Pushpendra: Do you find any kind of a correlation between the current pandemic situation that has hit the world and the murders of George Floyd and Breonna Taylor influencing the resistance movement to such prominence, that it feels everybody is impacted by it?

Akil: Yeah, I do. I think the pandemic coupled with the continued brutalisation of Black bodies by law enforcement agencies coupled with a total lack of a coherent response by the governing authorities at the national level of this country, all of that has contributed to it. People have had to self-quarantine. And I guess people had the chance to be still for a minute and I am talking about white people now, to see this country for what it is and they are looking at how it impacts them directly where the lie of “the structure is here to protect you and to serve you,” while the situation was such that even a lot of white people in the initial stages of the pandemic could not go and get tested. White people in the medical profession, how they were treated, they didn’t have proper equipment, they were fired. A lot of healthcare professionals were fired. They dared asked to have equipment to protect themselves because they were trying to treat people who were infected. There is again this whole dynamic, whole lie of America is now wide open. Not for those of us who have always been seeing America for what it is but for a lot of white people who had their eyes closed, they were forced to fully open them and see America for what it is. So that whole dynamic is happening. In the presidential elections, the neo-liberal structures on the Democratic side, you can see they are trying to put everything at the foot of this current Trump administration and obviously we know that all of this occurred prior to him. He came out of it. He didn’t create it but he is a manifestation of it. This whole dynamic is trying to lay and push forward the idea that we can just get rid of Trump and we can get back to “normal”, which was never normal for Black, Brown and oppressed people.

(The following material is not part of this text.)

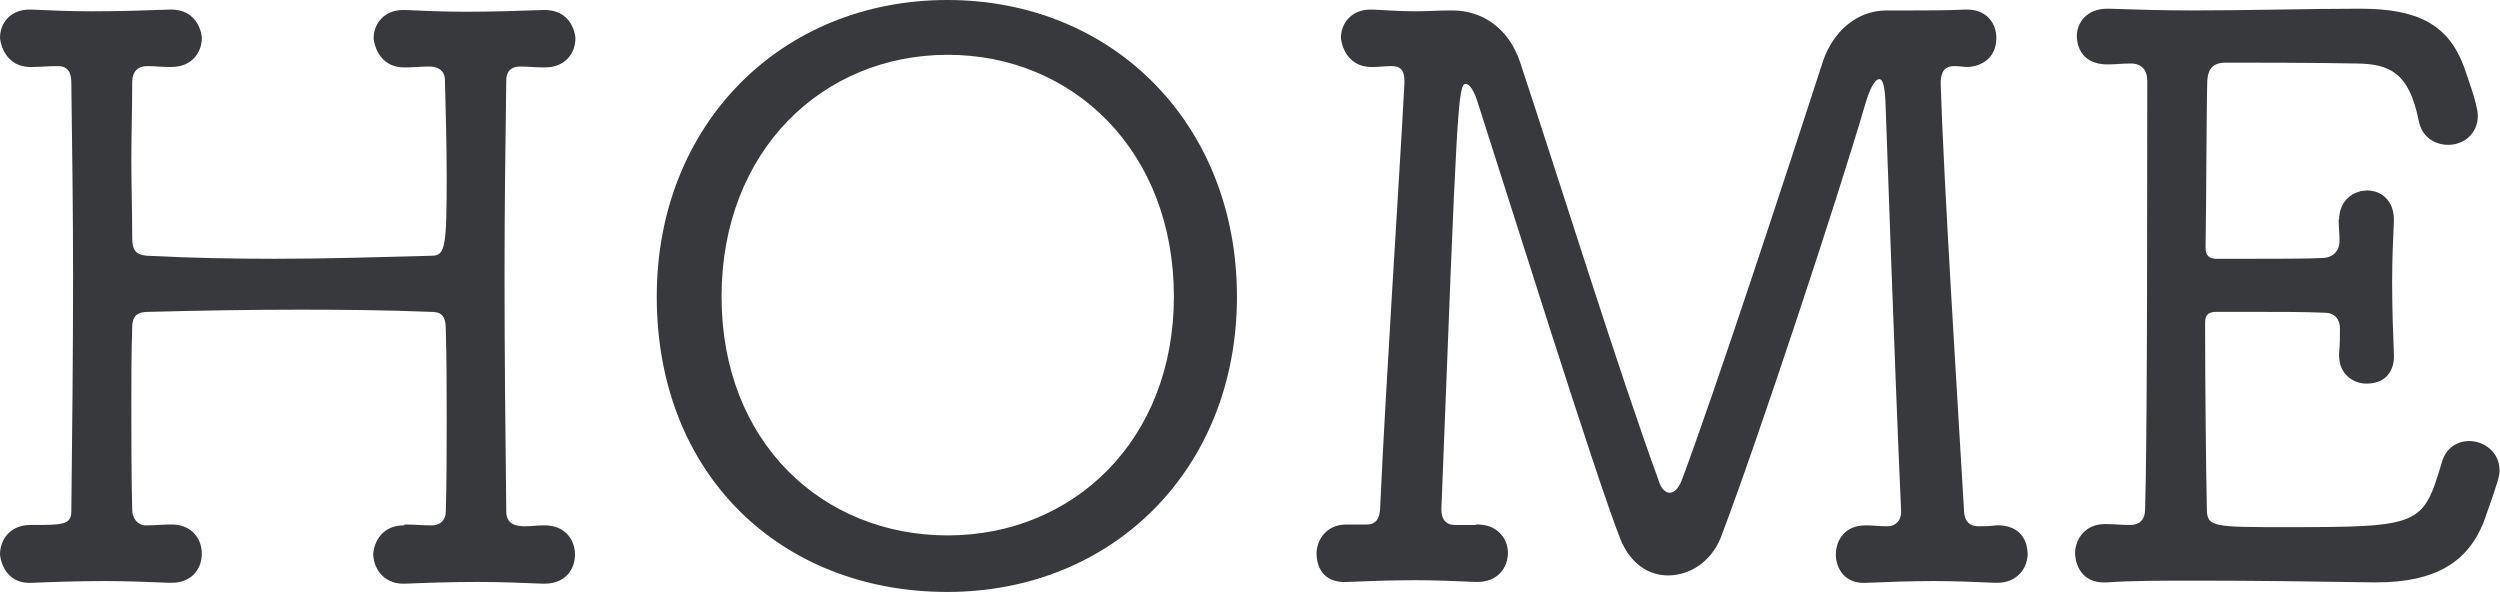 <?xml version="1.0" encoding="UTF-8"?><svg id="_レイヤー_2" xmlns="http://www.w3.org/2000/svg" viewBox="0 0 57.48 13.61"><g id="_レイヤー_1-2"><path d="M9.31,12.06h.04c.2,0,.34.02.58.02.2,0,.32-.13.32-.32.02-.7.02-1.39.02-2.09s0-1.4-.02-2.09c0-.36-.13-.41-.36-.41-.99-.04-2-.05-2.99-.05-1.15,0-2.3.02-3.46.05-.2,0-.4.02-.4.36-.02.59-.02,1.19-.02,1.78,0,.79,0,1.6.02,2.41,0,.18.11.36.32.36.18,0,.36-.02.54-.02.5-.02.74.32.74.67s-.23.67-.7.67h-.04c-.49-.02-.99-.04-1.49-.04-.61,0-1.19.02-1.67.04-.68.04-.74-.63-.74-.65,0-.34.23-.68.7-.68h.04c.68,0,.9,0,.9-.31.02-1.8.04-3.6.04-5.4,0-1.49-.02-2.97-.04-4.46,0-.22-.07-.38-.31-.38-.2,0-.45.02-.59.02-.68.02-.74-.65-.74-.67C0,.54.23.22.68.22h.05c.41.02.88.04,1.39.04.61,0,1.24-.02,1.78-.04.65-.02.74.56.74.65,0,.34-.23.67-.7.67h-.04c-.2,0-.31-.02-.52-.02s-.34.13-.34.36c0,.59-.02,1.21-.02,1.8s.02,1.19.02,1.8c0,.32.13.38.34.4.97.05,1.96.07,2.95.07,1.21,0,2.41-.04,3.6-.07.31,0,.34-.22.34-1.8,0-.74-.02-1.49-.04-2.23,0-.23-.16-.32-.36-.32-.22,0-.36.02-.54.02-.68.02-.74-.65-.74-.67,0-.32.23-.65.68-.65h.05c.41.02.88.04,1.39.04.61,0,1.24-.02,1.78-.04.65-.02.74.56.74.65,0,.34-.23.67-.7.67h-.04c-.2,0-.32-.02-.54-.02-.2,0-.31.11-.31.32-.02,1.49-.04,2.97-.04,4.47,0,1.82.02,3.64.04,5.44,0,.31.25.34.43.34.14,0,.27-.02.41-.02.5-.02.74.32.74.67s-.23.67-.7.67h-.04c-.49-.02-.99-.04-1.49-.04-.61,0-1.19.02-1.67.04-.45.02-.72-.29-.74-.67.02-.32.23-.67.7-.67Z" fill="#38393c" stroke-width="0"/><path d="M15.1,6.82c0-3.96,2.86-6.82,6.68-6.82s6.66,2.86,6.66,6.82-2.85,6.79-6.66,6.79-6.68-2.68-6.68-6.79ZM26.99,6.82c0-3.35-2.32-5.56-5.2-5.56s-5.2,2.21-5.2,5.56,2.32,5.49,5.2,5.49,5.2-2.18,5.2-5.49Z" fill="#38393c" stroke-width="0"/><path d="M33.93,12.06c.49-.02.74.32.74.65,0,.34-.23.67-.7.67h-.04c-.47-.02-.94-.04-1.39-.04-.56,0-1.08.02-1.55.04-.61.04-.72-.41-.72-.65,0-.32.23-.67.68-.67h.47c.2,0,.29-.11.31-.34.14-3.06.43-7.35.56-9.79v-.07c0-.22-.07-.34-.29-.34-.2,0-.27.02-.43.02-.68.02-.74-.65-.74-.67,0-.32.23-.65.68-.65h.05c.38.02.67.04,1.01.04.23,0,.49-.02.79-.02h.04c.65,0,1.28.38,1.55,1.19.94,2.84,2.27,7.11,3.19,9.63.05.18.16.27.25.27s.2-.09.27-.27c.77-2.05,2.43-7.11,3.26-9.67.22-.63.74-1.15,1.46-1.15h.59c.41,0,.77,0,1.22-.02h.04c.45,0,.67.32.67.65,0,.54-.45.67-.67.67-.09,0-.16-.02-.29-.02-.16,0-.32.05-.32.4.07,2.25.38,7.15.54,9.87.02.2.13.31.32.31.18,0,.23,0,.4-.02.36-.02.72.14.74.65,0,.32-.23.67-.7.67h-.04c-.47-.02-.94-.04-1.4-.04-.56,0-1.08.02-1.55.04-.52.04-.72-.34-.72-.65,0-.34.22-.67.67-.67h.05c.14,0,.27.02.47.02.18,0,.31-.13.31-.32v-.04c-.14-3.08-.36-9.42-.36-9.42-.02-.38-.07-.5-.14-.5-.11,0-.23.25-.32.56-.63,2.16-2.48,7.76-3.33,9.99-.22.54-.7.86-1.21.86-.43,0-.86-.25-1.1-.85-.58-1.48-2.56-7.81-3.26-9.98-.09-.31-.2-.47-.29-.47-.18,0-.2.49-.56,9.78,0,.22.09.36.32.36h.47Z" fill="#38393c" stroke-width="0"/><path d="M53.78,5.06c0-.45.32-.68.65-.68.31,0,.61.22.61.67v.04c-.02.43-.04.9-.04,1.39,0,.58.02,1.17.04,1.66.02.29-.11.68-.63.68-.31,0-.63-.22-.63-.65v-.04c.02-.22.02-.36.02-.58,0-.2-.11-.36-.36-.36-.41-.02-1.12-.02-1.75-.02h-.72c-.18,0-.27.05-.27.25,0,1.37.02,3.37.04,4.27,0,.43.13.43,1.85.43,3.06,0,3.12-.04,3.55-1.48.09-.34.36-.5.63-.5.34,0,.7.25.7.68,0,.11-.02.22-.36,1.17-.36.92-1.1,1.4-2.47,1.4h-.07c-1.26-.02-2.75-.04-4.05-.04-.79,0-1.51,0-2.07.04-.7.04-.74-.58-.74-.67,0-.32.23-.67.68-.67h.05c.18,0,.32.02.54.02s.34-.13.34-.36c.02-.77.05-1.96.05-9.85,0-.25-.13-.4-.38-.4-.2,0-.34.02-.5.02-.72.02-.74-.56-.74-.65,0-.31.23-.63.7-.63h.04c.59.02,1.24.04,1.89.04,1.31,0,2.7-.04,3.89-.04,1.31,0,2.02.36,2.38,1.33.04.13.32.86.32,1.13,0,.43-.34.67-.68.67-.31,0-.61-.18-.68-.56-.22-1.1-.67-1.3-1.42-1.31-.95-.02-2.57-.02-3.01-.02-.27,0-.41.11-.43.41-.02.63-.02,2.72-.04,3.85,0,.16.07.25.25.25h.67c.63,0,1.46,0,1.8-.02.23-.02.36-.18.36-.38,0-.22-.02-.32-.02-.5v-.02Z" fill="#38393c" stroke-width="0"/></g></svg>

Pushpendra: I want to briefly talk about prisons. I think prisons are modern nation-states’ way to control subjugated people so as to put them literally to the extreme margin. In that context, what impact has Covid9 had on prisons? It is well known that prisons are full of subjugated people.

Akil: It is devastating. And probably much more so than we are really privy to. It is devastating. These are literally human warehouses whereby people are just existing. Because they are not living, they are existing in some of the most putrid environments that you could ever imagine. With this virus or any kind of virus, whether it is Covid19 or whatever it is, it’s just a place where spread is inevitable and predictable. There are no progressive and revolutionary groups outside to push this to the forefront. Even amongst the coverage by the mainstream media of the various protests, you hear very little about the impact of this virus on the incarcerated. Because as I said the structures are there to do just what they are doing and to function just as they are functioning. There have been movements against mass incarceration and the whole industrial complex is part of the structural and institutional systemic oppression and it functions as they designed it to function. All the movements and tactics are trying to dismantle and trying to create more space to move towards the ultimate, at least in our view, goal of self determination and totally dismantling this white supremacism.

Pushpendra: I will extend the question further. What is the composition of the people lodged in the prisons in the US jails? Are they from specific ethnic groups, races, social groups?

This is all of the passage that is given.